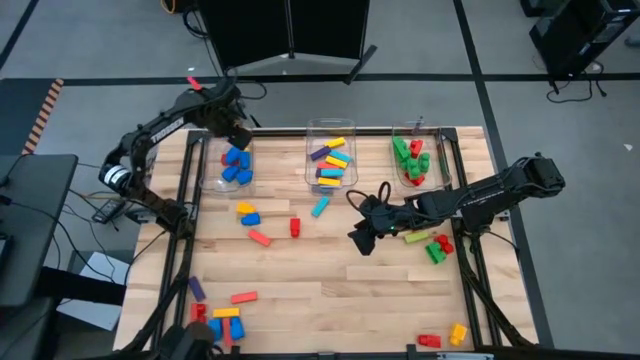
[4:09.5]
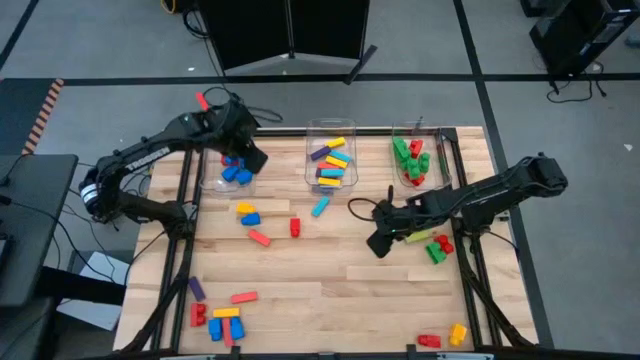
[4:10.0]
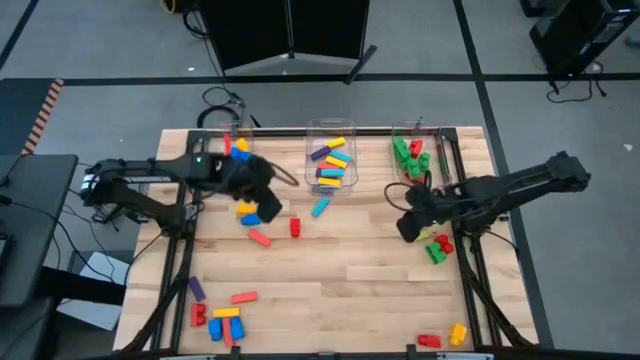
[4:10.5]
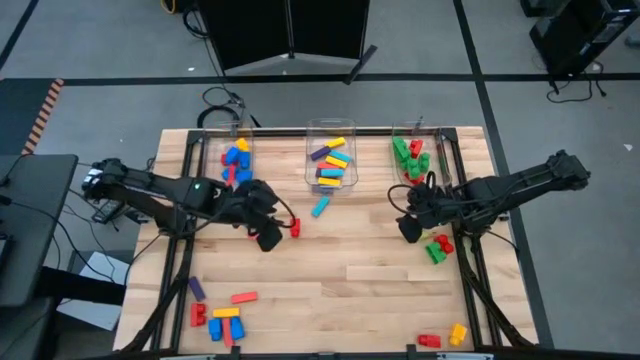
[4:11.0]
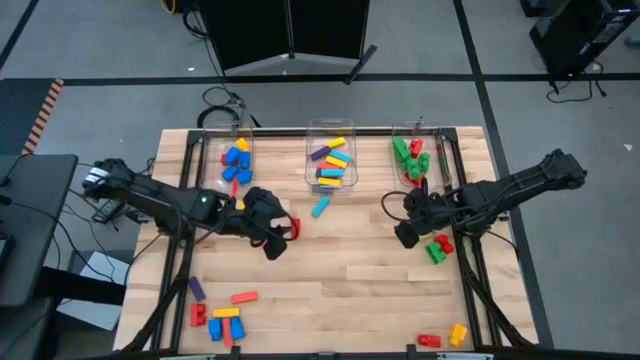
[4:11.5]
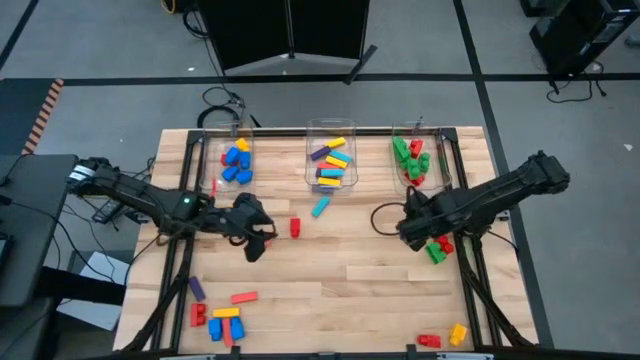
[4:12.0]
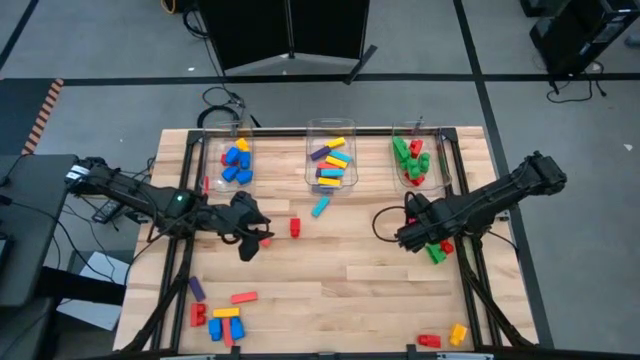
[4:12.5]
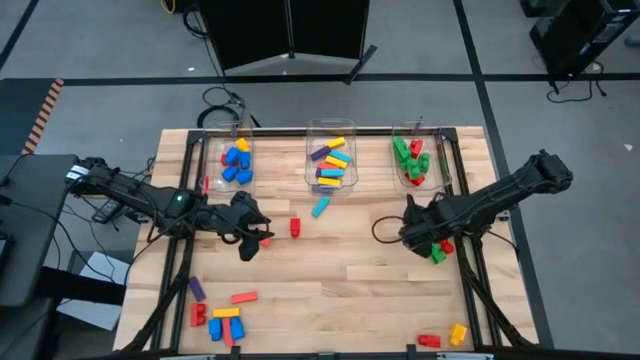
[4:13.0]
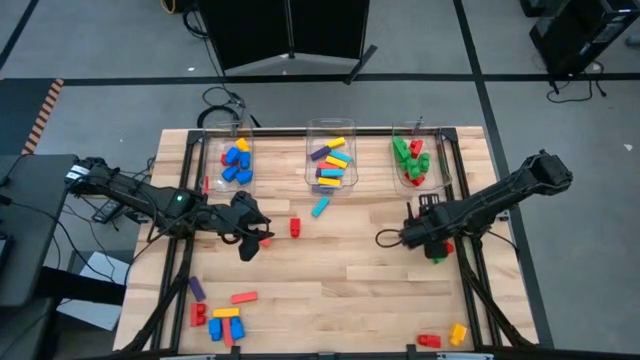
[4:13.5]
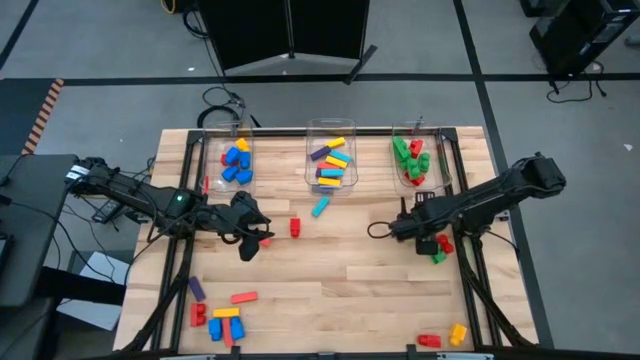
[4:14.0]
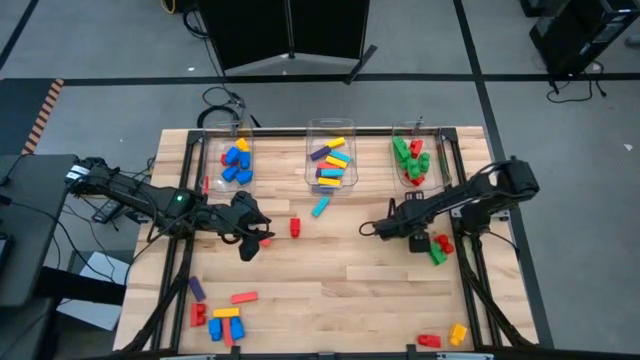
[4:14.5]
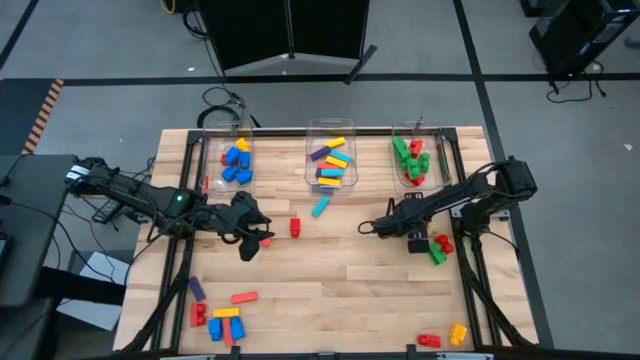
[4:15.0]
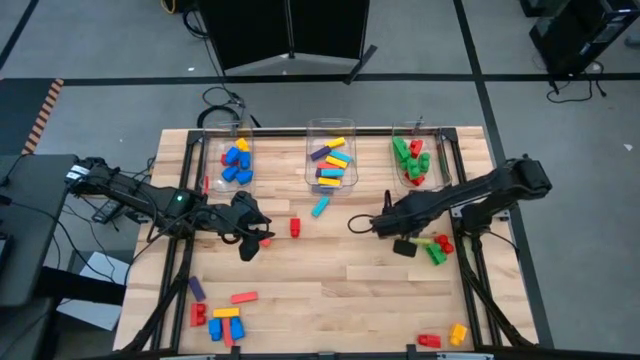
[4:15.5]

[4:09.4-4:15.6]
Put the red 2 stud game piece into the right transparent bin

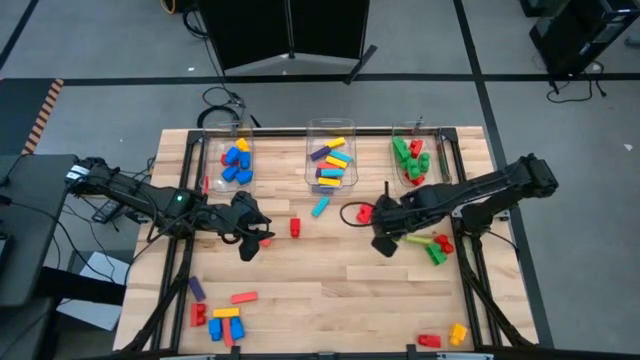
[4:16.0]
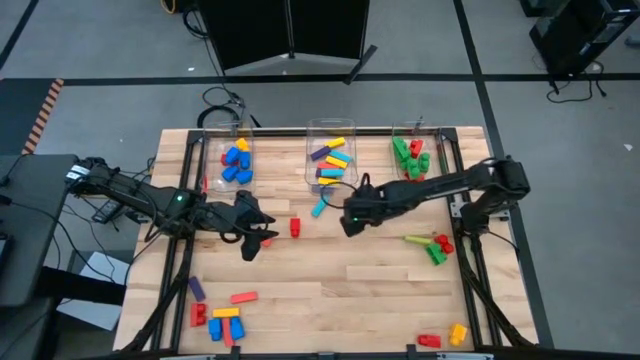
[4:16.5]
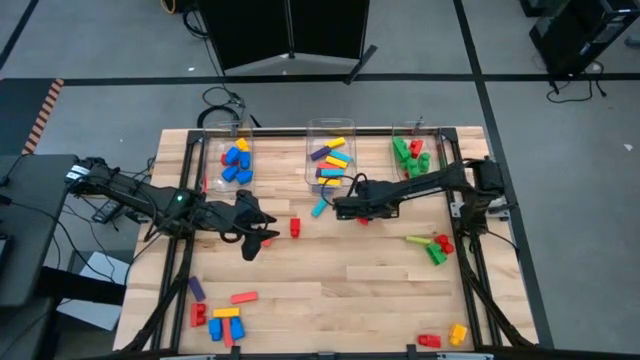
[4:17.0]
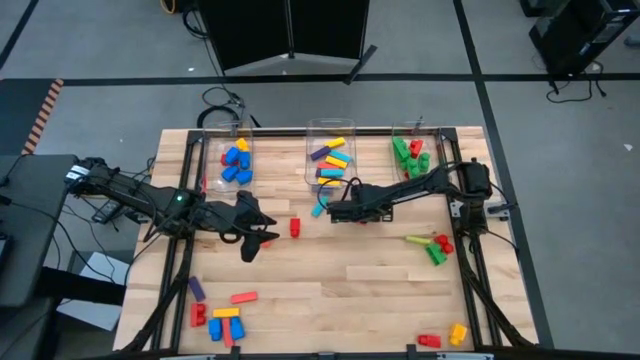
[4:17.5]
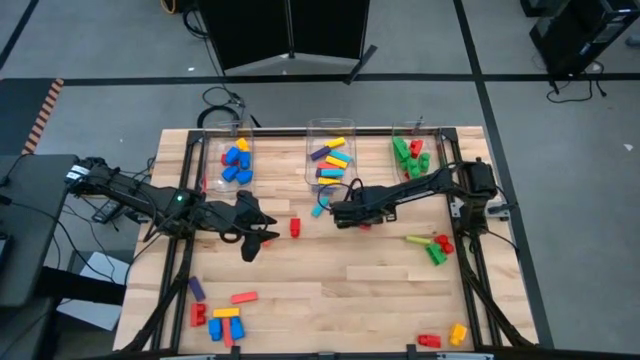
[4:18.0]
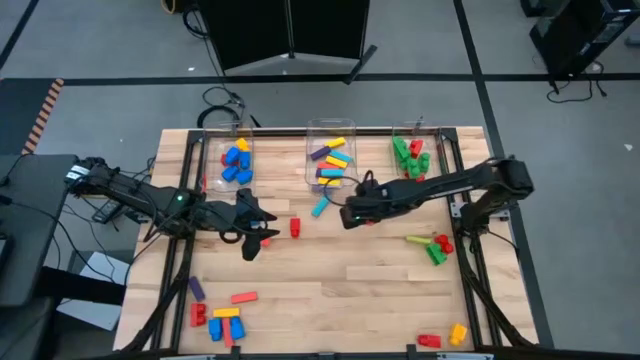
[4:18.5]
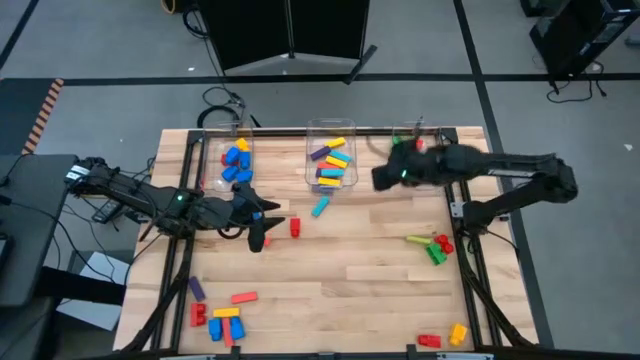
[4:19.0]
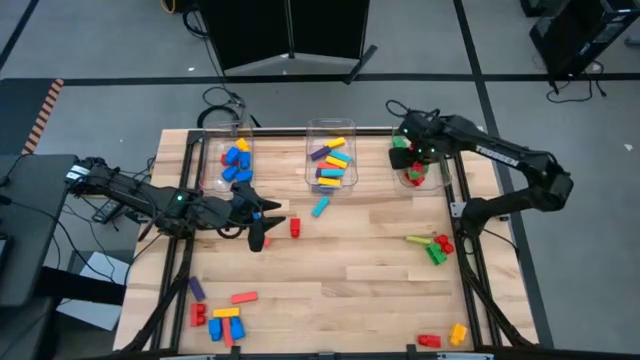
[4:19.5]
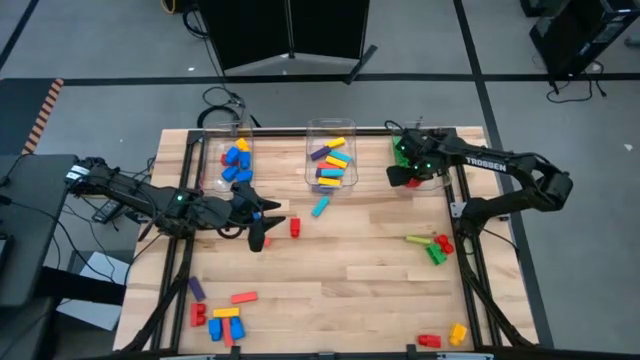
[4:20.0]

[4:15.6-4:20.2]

========================

▶ _Exercise brief_: Every line above should be reproduced exactly, please, with no pictures included.

▶ _Exercise output_:
[4:09.5]
[4:10.0]
[4:10.5]
[4:11.0]
[4:11.5]
[4:12.0]
[4:12.5]
[4:13.0]
[4:13.5]
[4:14.0]
[4:14.5]
[4:15.0]
[4:15.5]

[4:09.4-4:15.6]
Put the red 2 stud game piece into the right transparent bin

[4:16.0]
[4:16.5]
[4:17.0]
[4:17.5]
[4:18.0]
[4:18.5]
[4:19.0]
[4:19.5]
[4:20.0]

[4:15.6-4:20.2]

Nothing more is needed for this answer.